Problem:
Each line of the data is to be output verbatim, with the images removed.

Records provided:
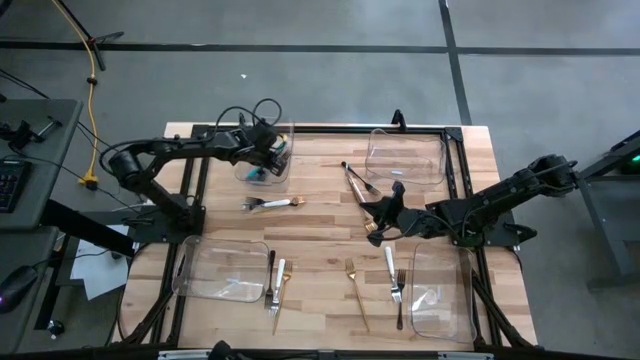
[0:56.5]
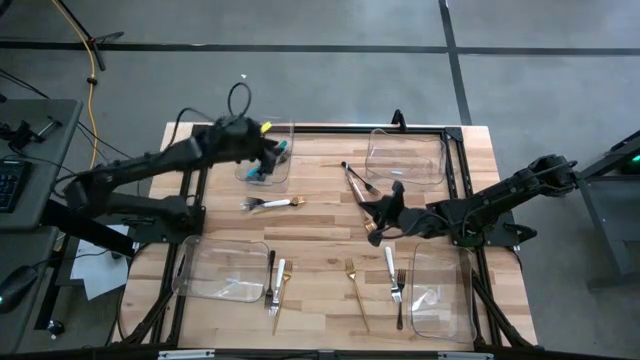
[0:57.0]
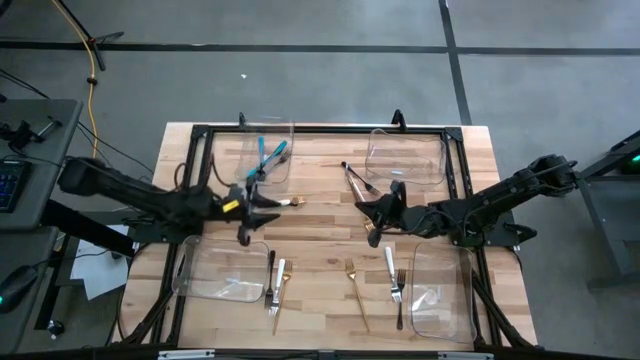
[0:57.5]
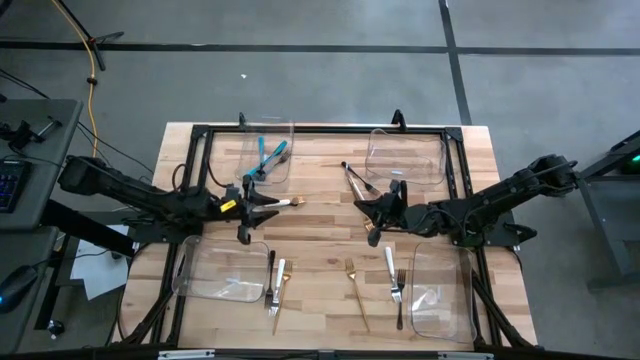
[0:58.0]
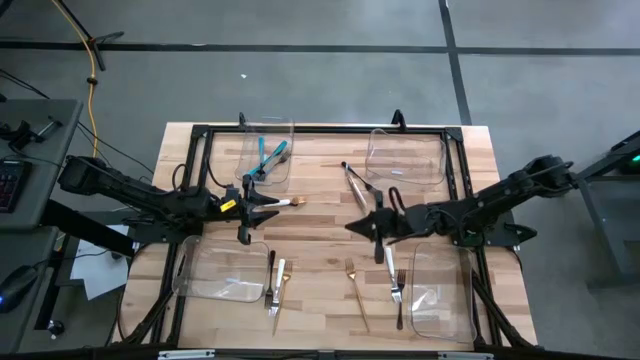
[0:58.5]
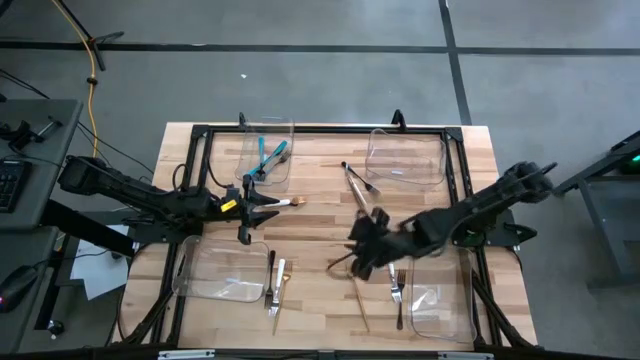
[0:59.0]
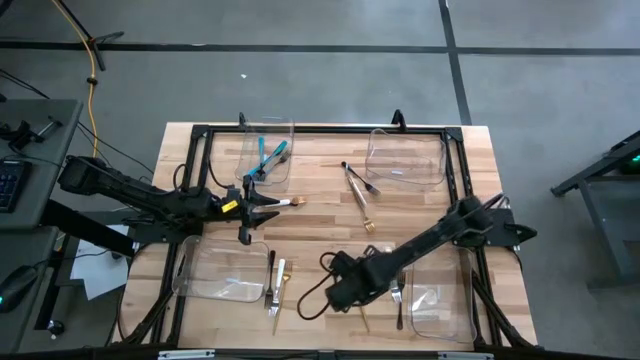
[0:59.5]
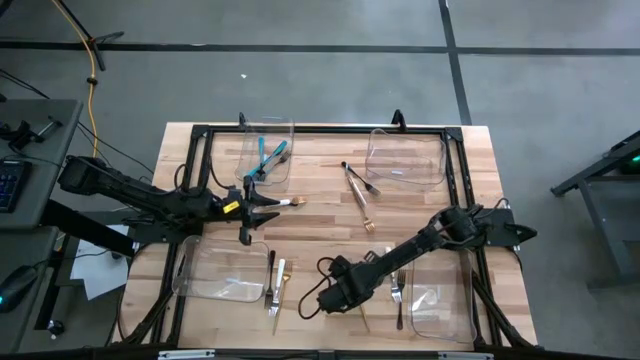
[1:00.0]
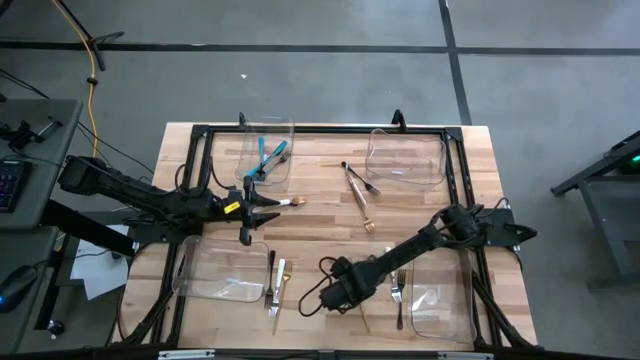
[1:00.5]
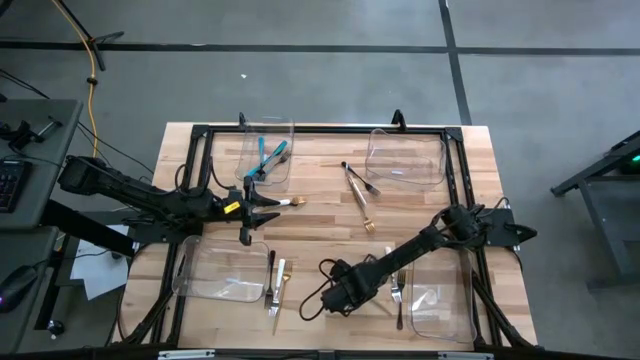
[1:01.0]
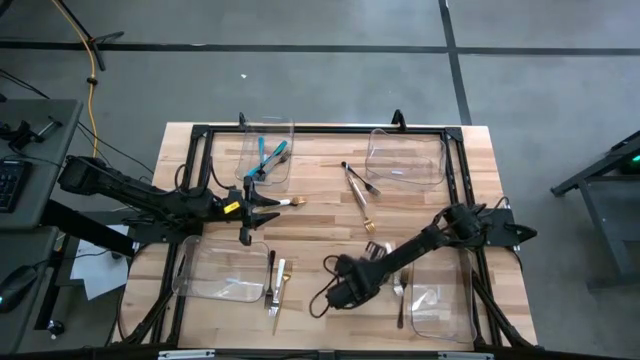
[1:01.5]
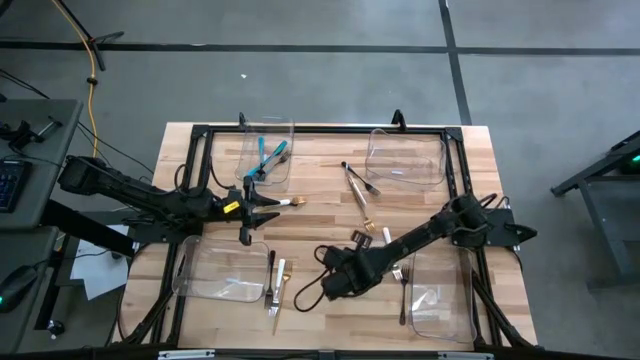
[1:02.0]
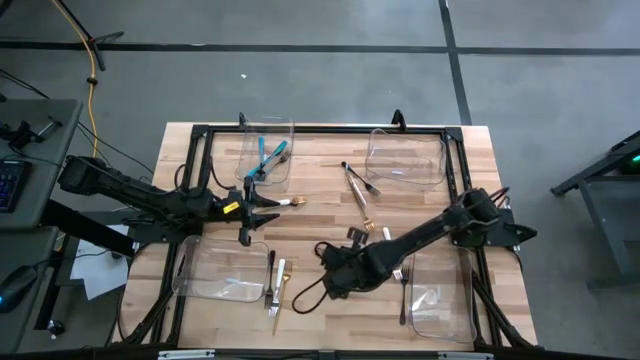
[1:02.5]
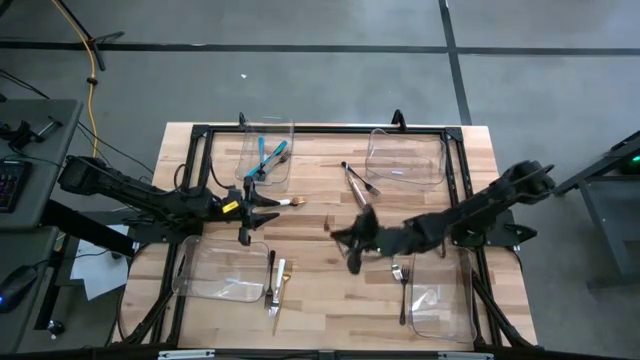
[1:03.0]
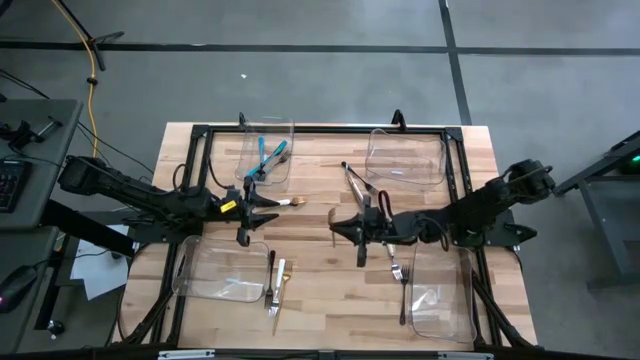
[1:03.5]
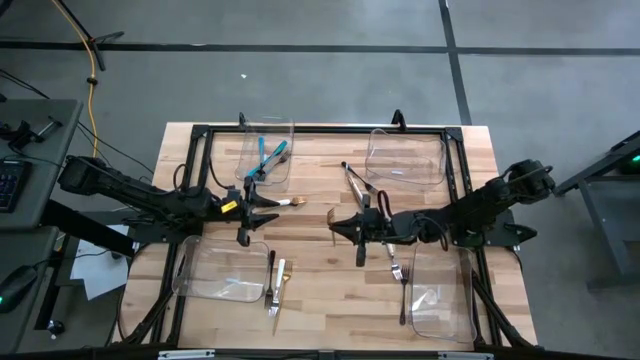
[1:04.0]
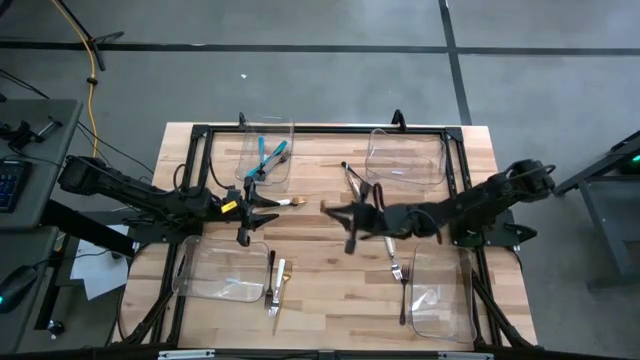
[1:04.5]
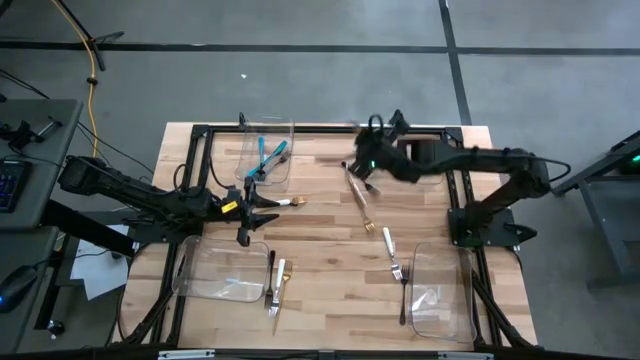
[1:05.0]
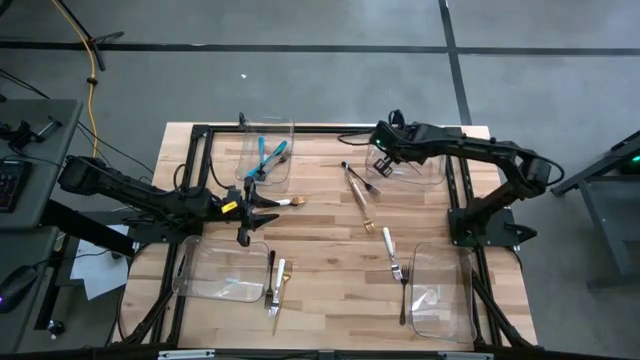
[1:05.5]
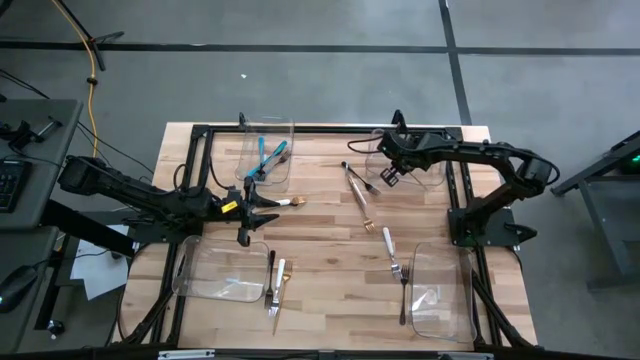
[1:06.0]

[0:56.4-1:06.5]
Put the gold fork into the top right transparent bin

Output for this exercise:
[0:56.5]
[0:57.0]
[0:57.5]
[0:58.0]
[0:58.5]
[0:59.0]
[0:59.5]
[1:00.0]
[1:00.5]
[1:01.0]
[1:01.5]
[1:02.0]
[1:02.5]
[1:03.0]
[1:03.5]
[1:04.0]
[1:04.5]
[1:05.0]
[1:05.5]
[1:06.0]

[0:56.4-1:06.5]
Put the gold fork into the top right transparent bin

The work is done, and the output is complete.